PROVISION FOR INCOME TAXES. The Company recorded income tax provisions of $3.9 million, $1.5 million and $6.4 million in fiscal 1996, 1995 and 1994, respectively. The Company's effective tax rate was 30%, 14% and 25% in fiscal 1996, 1995 and 1994, respectively. The higher tax rate in fiscal 1996 is due to the increase in nondeductible expenses and a decrease in the tax benefit from losses in the prior years. The Company's effective tax rate has been lower than the statutory rate primarily due to available net operating losses carried forward and various tax credits. The provision for fiscal 1995 includes an income tax benefit in the fourth quarter of $1.3 million resulting from a decision to reduce the Company's valuation allowance related to its deferred tax assets

10


in accordance with Statement of Financial Accounting Standards No. 109, "Accounting for Income Taxes." Statement No. 109 requires recognition of deferred tax assets when the probability of recovery is more likely than not.

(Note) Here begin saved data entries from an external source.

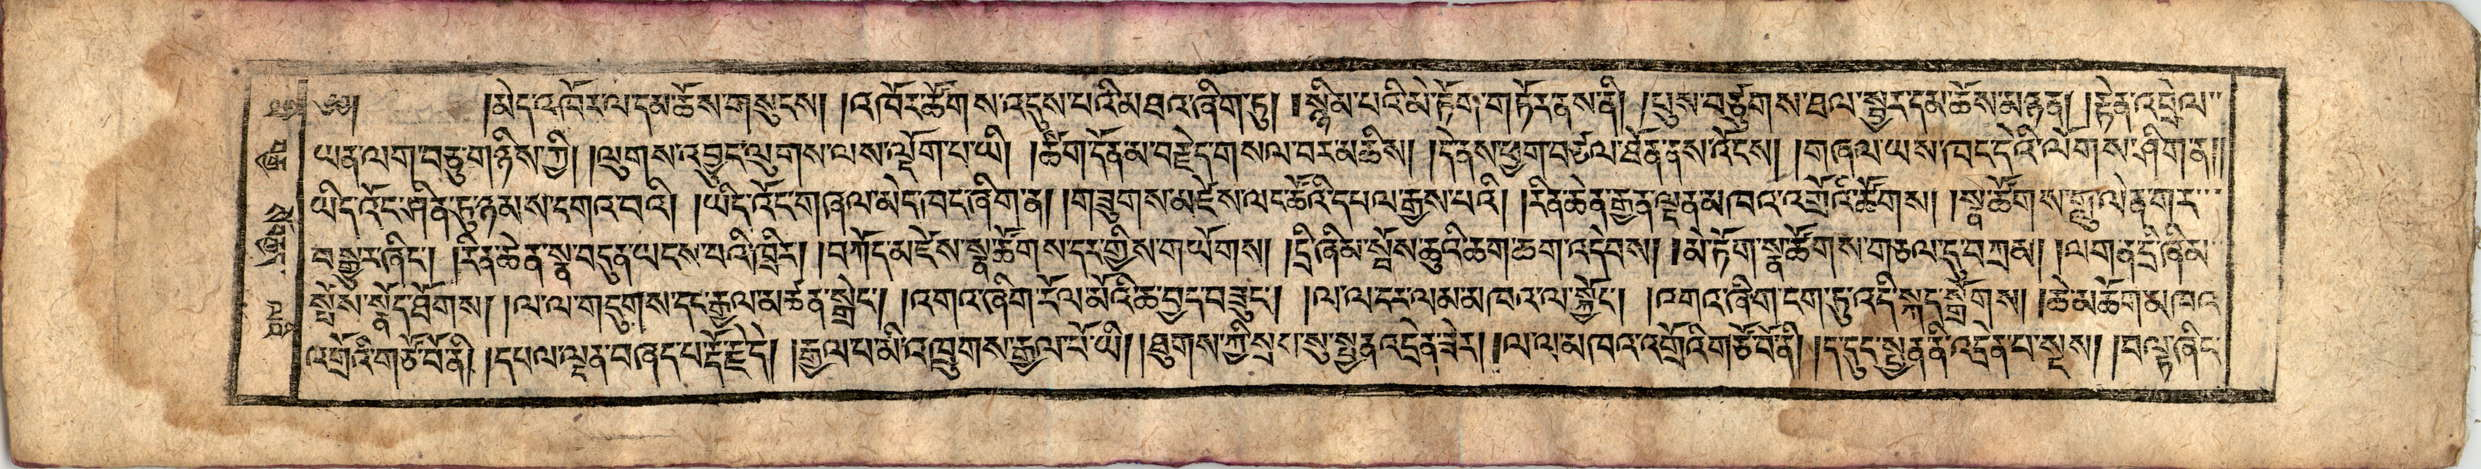མེད་འཁོར་ལ་དམ་ཆོས་གསུངས། །འཁོར་ཚོགས་འདུས་པའི་མཐའ་ཞིག་ཏུ།། སྙིམ་པའི་མེ་ཏོག་གཏོར་ནས་ནི། །པུས་བཙུགས་ཐལ་སྦྱར་དམ་ཆོས་མཉན། །རྟེན་འབྲེལ་
ཡན་ལག་བཅུ་གཉིས་ཀྱི། །ལུགས་འབྱུང་ལུགས་ལས་ལྡོག་པ་ཡི། །ཚིག་དོན་མ་བརྗེད་གསལ་བར་མཆིས། །དེ་ནས་ཕྱག་བཙལ་ཐོན་ནས་འོངས། །གཞལ་ཡས་ཁང་དེའི་ལོགས་ཤིག་ན། །
ཡིད་འོང་ཤིན་ཏུ་ཉམས་དགའ་བའི། །ཡིད་འོང་གཞལ་མེད་ཁང་ཞིག་ན། །གཟུགས་མཛེས་ལང་ཚོའི་དཔལ་རྒྱས་པའི། །རིན་ཆེན་རྒྱན་ལྡན་མཁའ་འགྲོའི་ཚོགས། །སྣ་ཚོགས་གླུ་ལེན་གར་
བསྒྱུར་ཞིང་། །རིན་ཆེན་སྣ་བདུན་ཡངས་པའི་ཁྲིར། །བཀོད་མཛེས་སྣ་ཚོགས་དར་གྱིས་གཡོགས། །དྲི་ཞིམ་སྦོས་ཆུའི་ཆག་ཆག་འདེབས། མེ་ཏོག་སྣ་ཚོགས་གཅལ་དུ་བཀྲམ། །ལག་ན་དྲི་ཞིམ་
སྤོས་སྣོད་ཐོགས། །ལ་ལ་གདུགས་དང་རྒྱལ་མཚན་སྒྲེང་། །འགའ་ཞིག་རོལ་མོའི་ཆ་བྱད་བཟུང་། །ལ་ལ་དར་ལམ་མཁའ་ལ་སྐྱོང་། །འགའ་ཞིག་ངག་ཏུ་འདི་སྐད་སྒྲོགས། །ཆེ་མཆོག་མཁའ་
འགྲོའི་གཙོ་བོ་ནི། །དཔལ་ལྡན་བཞད་པ་རྡོ་རྗེ་དེ། །རྒྱལ་པ་མི་འཁྲུགས་རྒྱལ་པོ་ཡི།།ཐུགས་ཀྱི་སྲས་སུ་སྤྱན་འདྲེན་ཟེར། །ལ་ལ་མཁའ་འགྲོའིགཙོ་བོ་ནི། །ད་དུང་སྤྱན་ནི་འདྲེན་པ་སྔས། །བལྟ་ཞིང་

QUARTERLY RESULTS OF OPERATIONS

The tables in Part II, Item 6 of this Form 10-K include selected unaudited quarterly consolidated results of operations for fiscal 1996 and 1995. This information was derived from the Company's unaudited consolidated financial statements that, in the opinion of management, reflect all recurring adjustments necessary to fairly present this information, when read in conjunction with the Company's Consolidated Financial Statements. The results of operations for any quarter are not necessarily indicative of the results to be expected for any future quarter.

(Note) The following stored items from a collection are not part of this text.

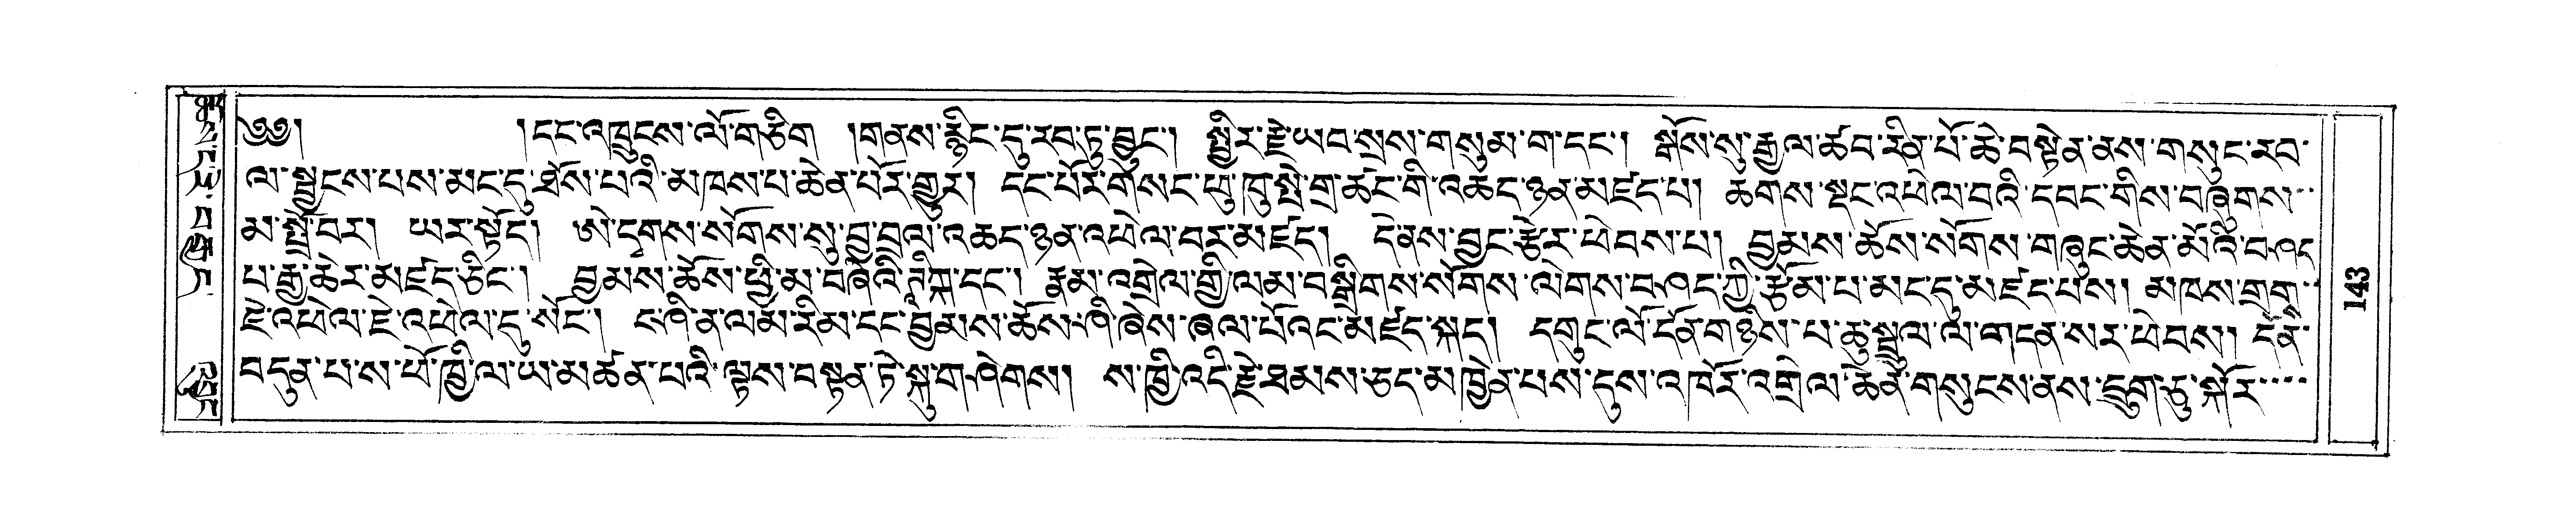༄༅། །དང་འཁྲུངས་ལོ་གཅིག །གནས་རྙིང་དུ་རབ་ཏུ་བྱུང་། སྤྱིར་རྗེ་ཡབ་སྲས་གསུམ་ག་དང་། སོགས་སུ་རྒྱལ་ཚབ་རིན་པོ་ཆེ་བསྟེན་ནས་གསུང་རབ་
ལ་སྦྱངས་པས་མང་དུ་ཐོས་པའི་མཁས་པ་ཆེན་པོར་གྱུར། དང་པོར་གསང་ཕུ་ཁུ་སྤེ་གྲ་ཚང་གི་འཆད་ཉན་མཛད་པ། ཆགས་སྡང་འཕེལ་བའི་དབང་གིས་བཞུགས་
མ་སྤྲོ་བར། ཡར་སྟོད། ཨེ་དྭགས་སོགས་སུ་བྱ་བྲལ་འཆད་ཉན་འཕེལ་བར་མཛད། དེ་ནས་བྱང་རྩེར་ཕེབས་པ། བྱམས་ཆོས་སོགས་གཞུང་ཆེན་མོའི་བཤད་
པ་རྒྱ་ཆེར་མཛད་ཅིང་། བྱམས་ཆོས་ཕྱི་མ་བཞིའི་ཊཱིཀྐ་དང་། རྣམ་འགྲེལ་གྱི་ལམ་བསྒྲིགས་སོགས་ལེགས་བཤད་ཀྱི་རྩོམ་པ་མང་དུ་མཛད་པས། མཁས་གྲགས་
ཇེ་འཕེལ་ཇེ་འཕེལ་དུ་སོང་། ང་ཤི་ན་ལམ་རིམ་དང་བྱམས་ཆོས་ཤི་ཞེས་ཞལ་པོའང་མཛད་སྐད། དགུང་ལོ་དོན་གཉིས་པ་ཆུ་སྤྲུལ་ལ་གདན་སར་ཕེབས། དོན་
བདུན་པ་ས་ཕོ་ཁྱི་ལ་ཡ་མཚན་པའི་ལྟས་བསྟན་ཏེ་སྐུ་གཤེགས། ས་ཁྱི་འདི་རྗེ་ཐམས་ཅད་མཁྱེན་པས་དུས་འཁོར་འགྲེལ་ཆེན་གསུངས་ནས་དྲུག་ཅུ་སྐོར་

Phoenix's future operating results may vary substantially from period to period. The timing and amount of its license fees are subject to a number of factors that make estimating revenues and operating results prior to the end of a quarter uncertain. While Phoenix receives recurring revenue on royalty-based license agreements and some agreements contain minimum quarterly royalty commitments, a significant amount of license fees in any quarter is dependent on signing agreements and delivering the licensed software in that quarter. Generally, Phoenix has experienced a pattern of recording 50% of its quarterly revenues in the third month of the quarter. Phoenix has historically monitored its revenue bookings through regular, periodic worldwide forecast reviews during the quarter. However, while these reviews keep management informed of areas where additional selling effort may be needed in order to meet the internal plans and market expectations, there can be no assurances that this process will result in revenue expectations being met. Operating expenses for any year are normally based on the attainment of planned revenue levels for that year and are incurred ratably throughout the period. As a result, if revenues are less than planned in any quarter while expense levels remain relatively fixed, Phoenix's operating results would be adversely affected for that quarter. In addition, the incurring of unplanned expenses could adversely affect operating results for the period in which such expenses were incurred.

BUSINESS RISKS

The additional following factors should be considered carefully when evaluating Phoenix and its business.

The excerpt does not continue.